_WORK TASK_
Only an exact repetition of the lines from the one that holds "products as needed" to the end of the records is wanted.

_DATA TO EXAMINE_

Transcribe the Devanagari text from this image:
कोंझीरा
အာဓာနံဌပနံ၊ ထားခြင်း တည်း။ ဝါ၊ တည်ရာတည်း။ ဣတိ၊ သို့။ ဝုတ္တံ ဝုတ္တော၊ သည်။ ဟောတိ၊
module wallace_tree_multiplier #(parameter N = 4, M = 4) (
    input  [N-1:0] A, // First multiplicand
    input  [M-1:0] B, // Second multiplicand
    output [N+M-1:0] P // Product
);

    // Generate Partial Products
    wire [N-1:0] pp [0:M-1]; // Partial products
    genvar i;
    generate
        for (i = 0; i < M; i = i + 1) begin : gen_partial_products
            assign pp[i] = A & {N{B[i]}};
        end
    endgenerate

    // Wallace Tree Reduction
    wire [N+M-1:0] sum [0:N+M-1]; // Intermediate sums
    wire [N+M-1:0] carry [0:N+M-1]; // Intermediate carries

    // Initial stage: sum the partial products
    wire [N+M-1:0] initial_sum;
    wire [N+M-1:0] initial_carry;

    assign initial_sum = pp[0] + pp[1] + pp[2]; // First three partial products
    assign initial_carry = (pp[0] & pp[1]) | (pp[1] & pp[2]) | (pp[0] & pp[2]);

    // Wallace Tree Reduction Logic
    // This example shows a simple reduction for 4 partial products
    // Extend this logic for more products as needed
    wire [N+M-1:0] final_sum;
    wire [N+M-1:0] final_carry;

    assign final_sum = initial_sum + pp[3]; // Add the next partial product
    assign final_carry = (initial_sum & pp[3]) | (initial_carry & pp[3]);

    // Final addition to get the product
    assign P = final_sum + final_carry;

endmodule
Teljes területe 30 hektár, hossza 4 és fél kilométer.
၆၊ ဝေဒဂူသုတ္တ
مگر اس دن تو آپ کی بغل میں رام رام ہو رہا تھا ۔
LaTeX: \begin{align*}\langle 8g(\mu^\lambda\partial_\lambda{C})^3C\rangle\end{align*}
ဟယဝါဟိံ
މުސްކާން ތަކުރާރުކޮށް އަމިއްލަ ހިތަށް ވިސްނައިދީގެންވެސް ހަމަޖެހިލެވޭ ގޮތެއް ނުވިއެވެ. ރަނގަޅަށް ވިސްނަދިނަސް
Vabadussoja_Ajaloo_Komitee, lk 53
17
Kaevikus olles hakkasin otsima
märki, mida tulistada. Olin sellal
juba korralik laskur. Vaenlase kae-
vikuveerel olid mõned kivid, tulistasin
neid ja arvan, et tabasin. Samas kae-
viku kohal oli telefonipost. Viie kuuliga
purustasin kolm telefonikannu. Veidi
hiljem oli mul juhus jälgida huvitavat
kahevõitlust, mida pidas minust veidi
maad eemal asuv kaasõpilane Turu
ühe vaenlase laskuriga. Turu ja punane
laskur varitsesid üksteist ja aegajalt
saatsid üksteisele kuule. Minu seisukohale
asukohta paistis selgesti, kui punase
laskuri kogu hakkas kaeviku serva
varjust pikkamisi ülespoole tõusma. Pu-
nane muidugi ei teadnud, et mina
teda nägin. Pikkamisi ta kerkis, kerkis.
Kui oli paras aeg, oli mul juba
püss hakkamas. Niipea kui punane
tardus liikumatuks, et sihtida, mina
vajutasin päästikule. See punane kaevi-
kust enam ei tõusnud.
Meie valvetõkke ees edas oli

_EXPECTED ANSWER_
    // Extend this logic for more products as needed
    wire [N+M-1:0] final_sum;
    wire [N+M-1:0] final_carry;

    assign final_sum = initial_sum + pp[3]; // Add the next partial product
    assign final_carry = (initial_sum & pp[3]) | (initial_carry & pp[3]);

    // Final addition to get the product
    assign P = final_sum + final_carry;

endmodule
Teljes területe 30 hektár, hossza 4 és fél kilométer.
၆၊ ဝေဒဂူသုတ္တ
مگر اس دن تو آپ کی بغل میں رام رام ہو رہا تھا ۔
LaTeX: \begin{align*}\langle 8g(\mu^\lambda\partial_\lambda{C})^3C\rangle\end{align*}
ဟယဝါဟိံ
މުސްކާން ތަކުރާރުކޮށް އަމިއްލަ ހިތަށް ވިސްނައިދީގެންވެސް ހަމަޖެހިލެވޭ ގޮތެއް ނުވިއެވެ. ރަނގަޅަށް ވިސްނަދިނަސް
Vabadussoja_Ajaloo_Komitee, lk 53
17
Kaevikus olles hakkasin otsima
märki, mida tulistada. Olin sellal
juba korralik laskur. Vaenlase kae-
vikuveerel olid mõned kivid, tulistasin
neid ja arvan, et tabasin. Samas kae-
viku kohal oli telefonipost. Viie kuuliga
purustasin kolm telefonikannu. Veidi
hiljem oli mul juhus jälgida huvitavat
kahevõitlust, mida pidas minust veidi
maad eemal asuv kaasõpilane Turu
ühe vaenlase laskuriga. Turu ja punane
laskur varitsesid üksteist ja aegajalt
saatsid üksteisele kuule. Minu seisukohale
asukohta paistis selgesti, kui punase
laskuri kogu hakkas kaeviku serva
varjust pikkamisi ülespoole tõusma. Pu-
nane muidugi ei teadnud, et mina
teda nägin. Pikkamisi ta kerkis, kerkis.
Kui oli paras aeg, oli mul juba
püss hakkamas. Niipea kui punane
tardus liikumatuks, et sihtida, mina
vajutasin päästikule. See punane kaevi-
kust enam ei tõusnud.
Meie valvetõkke ees edas oli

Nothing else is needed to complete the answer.